Segment Open
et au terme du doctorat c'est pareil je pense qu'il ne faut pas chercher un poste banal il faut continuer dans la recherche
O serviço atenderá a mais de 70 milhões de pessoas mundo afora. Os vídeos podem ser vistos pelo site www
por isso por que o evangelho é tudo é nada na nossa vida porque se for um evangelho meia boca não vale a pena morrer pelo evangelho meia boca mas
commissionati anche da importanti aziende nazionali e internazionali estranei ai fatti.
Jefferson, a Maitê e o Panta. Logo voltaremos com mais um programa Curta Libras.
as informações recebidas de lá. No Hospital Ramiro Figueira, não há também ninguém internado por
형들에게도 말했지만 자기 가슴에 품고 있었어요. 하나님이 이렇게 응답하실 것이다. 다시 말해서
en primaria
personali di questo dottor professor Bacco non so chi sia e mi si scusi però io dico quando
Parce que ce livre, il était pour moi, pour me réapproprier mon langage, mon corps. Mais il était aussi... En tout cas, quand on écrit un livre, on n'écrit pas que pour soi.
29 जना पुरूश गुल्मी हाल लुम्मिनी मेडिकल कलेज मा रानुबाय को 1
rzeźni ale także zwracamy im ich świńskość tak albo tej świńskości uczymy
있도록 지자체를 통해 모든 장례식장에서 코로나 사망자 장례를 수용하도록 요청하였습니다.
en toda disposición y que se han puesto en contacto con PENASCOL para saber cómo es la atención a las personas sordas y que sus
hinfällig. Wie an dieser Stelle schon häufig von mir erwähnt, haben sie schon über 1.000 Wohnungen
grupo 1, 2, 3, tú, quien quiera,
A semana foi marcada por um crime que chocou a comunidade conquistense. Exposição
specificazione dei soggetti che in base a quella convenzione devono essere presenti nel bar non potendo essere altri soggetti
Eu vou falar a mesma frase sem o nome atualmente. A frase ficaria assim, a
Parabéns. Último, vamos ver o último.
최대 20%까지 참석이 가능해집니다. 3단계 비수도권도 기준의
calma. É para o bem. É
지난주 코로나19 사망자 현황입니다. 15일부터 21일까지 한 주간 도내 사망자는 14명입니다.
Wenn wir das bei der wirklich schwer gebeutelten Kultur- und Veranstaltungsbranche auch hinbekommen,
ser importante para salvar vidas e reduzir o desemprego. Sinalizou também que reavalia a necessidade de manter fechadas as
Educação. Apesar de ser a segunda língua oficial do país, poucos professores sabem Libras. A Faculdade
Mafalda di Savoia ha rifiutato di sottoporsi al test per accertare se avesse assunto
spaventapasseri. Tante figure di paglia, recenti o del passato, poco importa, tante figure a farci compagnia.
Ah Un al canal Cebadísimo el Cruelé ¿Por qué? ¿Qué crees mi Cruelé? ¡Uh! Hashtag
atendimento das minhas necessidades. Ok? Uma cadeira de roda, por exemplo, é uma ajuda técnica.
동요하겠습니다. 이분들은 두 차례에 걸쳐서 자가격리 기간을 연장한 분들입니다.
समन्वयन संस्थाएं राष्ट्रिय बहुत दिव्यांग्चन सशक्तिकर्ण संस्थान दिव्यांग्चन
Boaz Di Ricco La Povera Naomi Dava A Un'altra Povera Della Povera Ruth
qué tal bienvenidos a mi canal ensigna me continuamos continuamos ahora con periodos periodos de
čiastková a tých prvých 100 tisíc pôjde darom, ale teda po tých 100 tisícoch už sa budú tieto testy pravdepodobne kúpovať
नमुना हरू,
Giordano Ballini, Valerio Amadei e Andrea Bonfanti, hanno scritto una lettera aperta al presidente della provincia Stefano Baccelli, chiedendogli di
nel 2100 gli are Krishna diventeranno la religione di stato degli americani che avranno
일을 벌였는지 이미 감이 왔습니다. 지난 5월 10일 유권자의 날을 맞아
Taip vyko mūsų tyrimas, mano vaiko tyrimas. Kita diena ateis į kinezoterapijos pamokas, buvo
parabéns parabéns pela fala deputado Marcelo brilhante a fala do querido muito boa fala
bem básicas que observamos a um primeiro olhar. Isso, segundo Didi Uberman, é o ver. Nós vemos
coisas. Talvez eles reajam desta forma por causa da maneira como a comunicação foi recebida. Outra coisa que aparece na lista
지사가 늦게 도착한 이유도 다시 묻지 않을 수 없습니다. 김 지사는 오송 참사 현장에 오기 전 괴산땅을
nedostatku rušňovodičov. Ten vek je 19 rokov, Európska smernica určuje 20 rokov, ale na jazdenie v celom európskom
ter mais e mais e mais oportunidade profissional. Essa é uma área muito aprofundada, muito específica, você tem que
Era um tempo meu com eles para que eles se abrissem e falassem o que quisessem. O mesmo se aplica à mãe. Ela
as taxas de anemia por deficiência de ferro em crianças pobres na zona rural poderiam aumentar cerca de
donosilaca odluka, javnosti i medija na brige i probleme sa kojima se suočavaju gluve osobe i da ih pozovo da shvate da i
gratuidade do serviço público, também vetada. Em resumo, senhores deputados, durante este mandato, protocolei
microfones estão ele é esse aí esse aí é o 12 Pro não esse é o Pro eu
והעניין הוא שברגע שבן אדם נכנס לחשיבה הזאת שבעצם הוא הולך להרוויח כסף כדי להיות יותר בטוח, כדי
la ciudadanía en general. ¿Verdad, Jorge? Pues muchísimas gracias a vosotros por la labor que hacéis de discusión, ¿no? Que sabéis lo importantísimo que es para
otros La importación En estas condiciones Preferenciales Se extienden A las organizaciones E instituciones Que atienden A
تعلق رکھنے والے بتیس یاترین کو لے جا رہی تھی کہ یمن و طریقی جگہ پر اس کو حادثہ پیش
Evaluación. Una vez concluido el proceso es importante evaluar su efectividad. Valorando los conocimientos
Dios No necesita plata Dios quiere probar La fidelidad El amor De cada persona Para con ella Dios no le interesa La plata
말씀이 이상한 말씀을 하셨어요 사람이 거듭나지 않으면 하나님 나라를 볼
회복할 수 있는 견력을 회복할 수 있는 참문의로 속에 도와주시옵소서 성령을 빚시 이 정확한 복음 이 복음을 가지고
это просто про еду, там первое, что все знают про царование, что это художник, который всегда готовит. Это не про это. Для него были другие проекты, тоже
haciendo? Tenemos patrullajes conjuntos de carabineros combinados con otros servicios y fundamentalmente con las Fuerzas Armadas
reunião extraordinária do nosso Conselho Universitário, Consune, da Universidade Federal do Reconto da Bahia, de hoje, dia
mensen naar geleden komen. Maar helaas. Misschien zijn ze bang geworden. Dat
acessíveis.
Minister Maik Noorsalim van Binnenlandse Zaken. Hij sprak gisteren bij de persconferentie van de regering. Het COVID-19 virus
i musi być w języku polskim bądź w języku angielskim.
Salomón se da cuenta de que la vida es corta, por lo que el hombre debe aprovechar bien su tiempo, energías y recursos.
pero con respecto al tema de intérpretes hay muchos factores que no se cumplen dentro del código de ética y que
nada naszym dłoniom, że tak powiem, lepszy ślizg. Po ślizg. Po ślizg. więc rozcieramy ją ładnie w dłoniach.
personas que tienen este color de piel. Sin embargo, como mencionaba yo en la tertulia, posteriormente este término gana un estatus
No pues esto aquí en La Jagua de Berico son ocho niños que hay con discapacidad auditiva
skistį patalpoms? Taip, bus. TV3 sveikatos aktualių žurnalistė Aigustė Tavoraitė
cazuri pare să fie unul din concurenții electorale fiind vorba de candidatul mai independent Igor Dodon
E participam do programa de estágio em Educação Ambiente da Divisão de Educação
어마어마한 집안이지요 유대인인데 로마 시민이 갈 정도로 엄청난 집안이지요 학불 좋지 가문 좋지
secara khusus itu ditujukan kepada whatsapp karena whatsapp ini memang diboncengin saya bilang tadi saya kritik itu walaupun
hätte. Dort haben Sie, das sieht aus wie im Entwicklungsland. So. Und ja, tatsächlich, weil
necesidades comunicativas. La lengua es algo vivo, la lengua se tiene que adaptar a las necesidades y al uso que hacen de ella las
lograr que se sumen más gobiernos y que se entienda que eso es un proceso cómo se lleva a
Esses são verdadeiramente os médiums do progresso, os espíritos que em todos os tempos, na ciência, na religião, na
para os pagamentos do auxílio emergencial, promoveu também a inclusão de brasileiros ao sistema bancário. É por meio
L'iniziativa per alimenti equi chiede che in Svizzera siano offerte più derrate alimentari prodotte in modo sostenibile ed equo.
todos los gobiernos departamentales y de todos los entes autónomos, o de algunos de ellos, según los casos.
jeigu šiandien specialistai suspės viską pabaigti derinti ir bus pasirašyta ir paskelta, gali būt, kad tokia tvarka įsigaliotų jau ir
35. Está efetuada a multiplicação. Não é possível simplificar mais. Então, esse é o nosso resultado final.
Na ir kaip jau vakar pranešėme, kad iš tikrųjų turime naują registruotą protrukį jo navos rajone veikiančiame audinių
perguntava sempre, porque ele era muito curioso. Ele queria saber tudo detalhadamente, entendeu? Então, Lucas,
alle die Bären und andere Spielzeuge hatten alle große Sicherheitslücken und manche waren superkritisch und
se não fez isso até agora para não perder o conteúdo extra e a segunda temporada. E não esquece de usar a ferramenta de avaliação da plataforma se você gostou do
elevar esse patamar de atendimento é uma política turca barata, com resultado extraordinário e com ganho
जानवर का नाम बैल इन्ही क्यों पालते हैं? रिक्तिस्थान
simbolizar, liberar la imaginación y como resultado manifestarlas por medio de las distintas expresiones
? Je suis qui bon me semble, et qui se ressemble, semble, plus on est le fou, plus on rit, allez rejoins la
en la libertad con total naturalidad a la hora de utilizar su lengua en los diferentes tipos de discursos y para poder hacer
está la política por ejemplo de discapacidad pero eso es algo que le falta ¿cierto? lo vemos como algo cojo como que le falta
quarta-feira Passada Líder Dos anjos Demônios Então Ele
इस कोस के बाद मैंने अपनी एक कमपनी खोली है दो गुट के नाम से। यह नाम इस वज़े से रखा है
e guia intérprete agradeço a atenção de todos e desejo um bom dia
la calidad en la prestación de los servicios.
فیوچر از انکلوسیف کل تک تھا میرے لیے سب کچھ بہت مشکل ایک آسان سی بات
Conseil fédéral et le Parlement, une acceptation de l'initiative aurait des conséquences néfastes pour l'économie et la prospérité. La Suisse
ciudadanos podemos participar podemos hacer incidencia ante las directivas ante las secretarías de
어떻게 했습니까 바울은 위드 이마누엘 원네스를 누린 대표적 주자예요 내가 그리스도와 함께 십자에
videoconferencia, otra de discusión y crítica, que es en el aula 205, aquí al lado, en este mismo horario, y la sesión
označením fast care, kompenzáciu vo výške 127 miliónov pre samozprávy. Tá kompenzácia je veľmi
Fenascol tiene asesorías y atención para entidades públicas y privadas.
Segment Closed
§ ACTIVITY:
Print exactly, and only, the lines from the line containing "इस कोस के बाद" through the final line of the records, both included.

§ COMPLETED EXERCISE:
इस कोस के बाद मैंने अपनी एक कमपनी खोली है दो गुट के नाम से। यह नाम इस वज़े से रखा है
e guia intérprete agradeço a atenção de todos e desejo um bom dia
la calidad en la prestación de los servicios.
فیوچر از انکلوسیف کل تک تھا میرے لیے سب کچھ بہت مشکل ایک آسان سی بات
Conseil fédéral et le Parlement, une acceptation de l'initiative aurait des conséquences néfastes pour l'économie et la prospérité. La Suisse
ciudadanos podemos participar podemos hacer incidencia ante las directivas ante las secretarías de
어떻게 했습니까 바울은 위드 이마누엘 원네스를 누린 대표적 주자예요 내가 그리스도와 함께 십자에
videoconferencia, otra de discusión y crítica, que es en el aula 205, aquí al lado, en este mismo horario, y la sesión
označením fast care, kompenzáciu vo výške 127 miliónov pre samozprávy. Tá kompenzácia je veľmi
Fenascol tiene asesorías y atención para entidades públicas y privadas.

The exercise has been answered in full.